Es justo preguntarse si, dado el camino más oscuro de la historia de Beckham, como su todavía extraña entrevista conjunta con Lil’ Wayne en 2018, donde arrojó a su entonces mariscal de campo, Eli Manning, debajo del proverbial autobús; o el mal concebido viaje en barco que organizó justo antes de su único viaje a los playoffs con los Gigantes en 2016; o el notable video de las redes sociales de 2018 que muestra a Beckham en la cama con una modelo, pizza y artículos que parecían sospechosamente drogas.

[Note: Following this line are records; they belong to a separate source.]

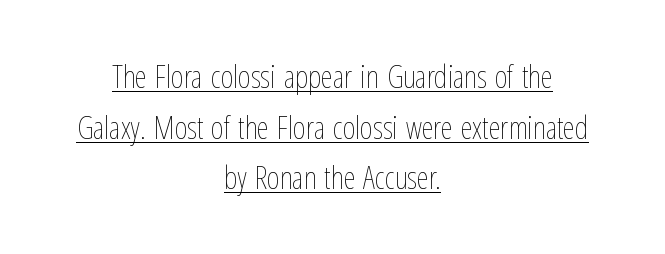
Q: Is the text bold? A: No.
Q: Is the text italic (slanted)? A: No, it is upright.
Q: Is the text underlined? A: Yes.
Q: How is the paragraph aligned? A: Centered.
Q: Is the spacing between letters normal or unusually wide? A: Normal.
Q: Is the spacing between lines tight, normal or loose? A: Normal.
Q: Width (condensed, normal, or wide)? A: Condensed.
Q: Stroke contrast? A: Low.
Q: x-height? A: Medium.
Q: Monospaced? A: No.

Los Gigantes creen que Beckham se ha sentido honrado y ha madurado desde entonces, y probablemente tengan razón. Pero lo último que Harbaugh necesita son más distracciones, así que más vale que tengan razón. Porque Beckham sigue siendo Beckham y nada de lo que hace está a salvo del centro de atención, sin importar cuán enterrado en la tabla de profundidad esté.
Y si los Gigantes tienen razón en todo esto (que Beckham es un hombre cambiado, sano y todavía lo suficientemente bueno como para contribuir), eso es genial. ¿Pero cuál es la ventaja? Esta sigue siendo una lotería sin un gran premio potencial. El riesgo financiero es bajo, al igual que el posible retorno de la inversión. Además de los sentimientos cálidos y confusos y los muchos aplausos de los fanáticos, ¿qué obtendrá Nueva York? En el mejor de los casos, ¿entre 20 y 30 capturas y uno o dos momentos destacados de fondo?
Beckham siempre es entretenido, incluso impactante. (Foto de Sarah Stier/Getty Images)
Los Gigantes no tienen mucho que ganar.
Así que sí, hubiera sido mejor reclutar a un receptor más joven y saludable, o darle las repeticiones de práctica a los más jóvenes y saludables que ya tienen, en lugar de lanzar a Beckham a un scrum con Berrios, Smith-Schuster y todos los demás en una sala repentinamente llena. Quizás ninguna otra opción se hubiera acercado a OBJ. Pero tampoco es cercano a su antiguo yo.
No es culpa de Beckham. Es simplemente la realidad de los tiempos y el precio de un deporte violento. Es realmente cierto que ya no podemos volver allí. Y en el fútbol americano, especialmente en la posición de receptor de un joven, realmente no tiene mucho sentido intentarlo. Los Gigantes deberían mirar hacia un futuro mejor, no intentar restaurar una reliquia de su pasado.